WHAT YOU SHOULD DO: Could you give the entries back exactly as they stand, minus any pictures?

◆ ◆ ◆ ◆ ◆

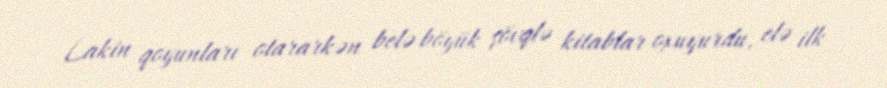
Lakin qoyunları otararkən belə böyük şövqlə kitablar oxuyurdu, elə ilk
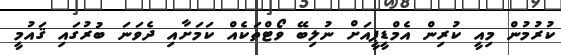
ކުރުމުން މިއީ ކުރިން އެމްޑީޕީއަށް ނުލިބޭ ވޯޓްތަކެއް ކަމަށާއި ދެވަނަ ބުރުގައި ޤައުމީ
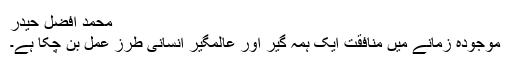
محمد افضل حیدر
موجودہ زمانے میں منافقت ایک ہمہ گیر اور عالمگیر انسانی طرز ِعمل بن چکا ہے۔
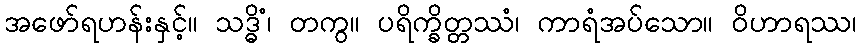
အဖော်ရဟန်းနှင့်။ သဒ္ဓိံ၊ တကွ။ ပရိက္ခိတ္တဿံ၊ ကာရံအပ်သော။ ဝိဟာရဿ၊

◆ ◆ ◆ ◆ ◆

SOLUTION TO THE EXERCISE:
Lakin qoyunları otararkən belə böyük şövqlə kitablar oxuyurdu, elə ilk
ކުރުމުން މިއީ ކުރިން އެމްޑީޕީއަށް ނުލިބޭ ވޯޓްތަކެއް ކަމަށާއި ދެވަނަ ބުރުގައި ޤައުމީ
محمد افضل حیدر
موجودہ زمانے میں منافقت ایک ہمہ گیر اور عالمگیر انسانی طرز ِعمل بن چکا ہے۔
အဖော်ရဟန်းနှင့်။ သဒ္ဓိံ၊ တကွ။ ပရိက္ခိတ္တဿံ၊ ကာရံအပ်သော။ ဝိဟာရဿ၊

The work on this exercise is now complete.